Etats-Unis - Avortement : quelles lectures belge et européenne de l'arrêt de la Cour Suprême des États-Unis ?

L'arrêt rendu le 24 juin dernier par la Cour suprême des États-Unis au sujet de l'avortement a relancé le débat sur le rôle du droit face à la question de l'avortement.

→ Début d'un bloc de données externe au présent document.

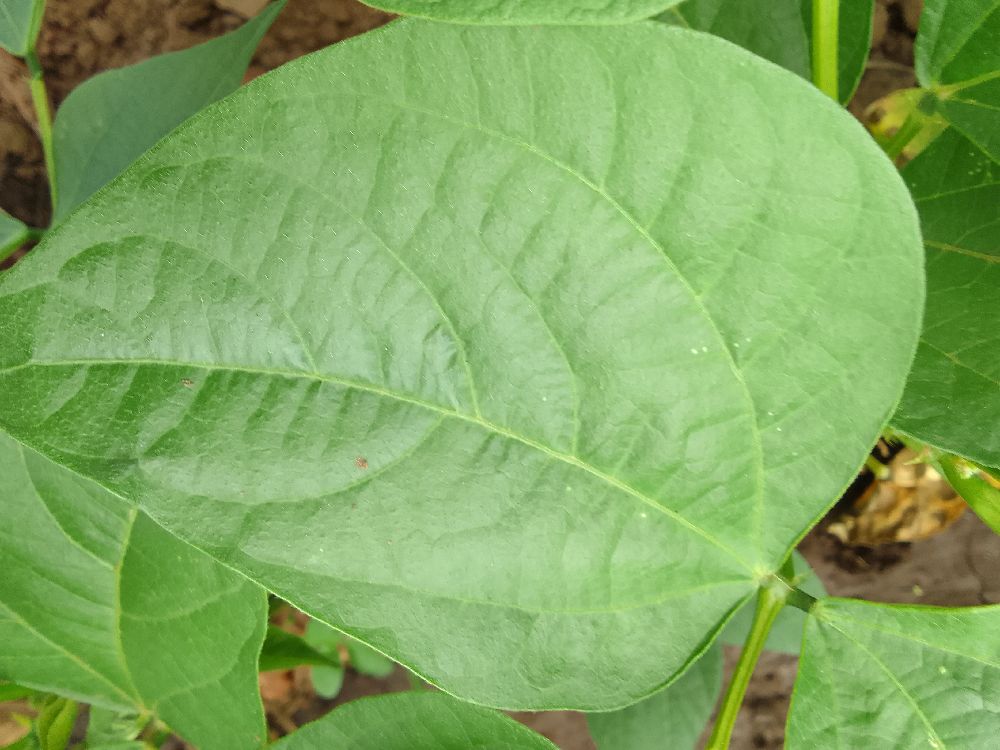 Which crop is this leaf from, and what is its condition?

common bean, healthy

Bien que l'arrêt ne concerne formellement que la réglementation de l'avortement dans les cinquante États américains, nombreux sont ceux qui soulignent l'impact d'une telle décision sur le reste du monde, en ce compris l'Europe et la Belgique.

 

Résumé de l'arrêt

Rappelons que, dans cet arrêt Dobbs c. Jackson Women's Health Organization, la Cour suprême considère que « la Constitution américaine ne confère pas de droit à l'avortement », et que le pouvoir de réglementer une telle pratique revient dès lors aux représentants du peuple dans chaque État. La Cour renverse ainsi sa jurisprudence antérieure, en particulier les arrêts Roe v. Wade (1973) et Planned Parenthood v. Casey (1992). Dans ces arrêts, les juges suprêmes avaient inféré de la Constitution - en particulier du 14e amendement - un droit à avorter jusqu'à...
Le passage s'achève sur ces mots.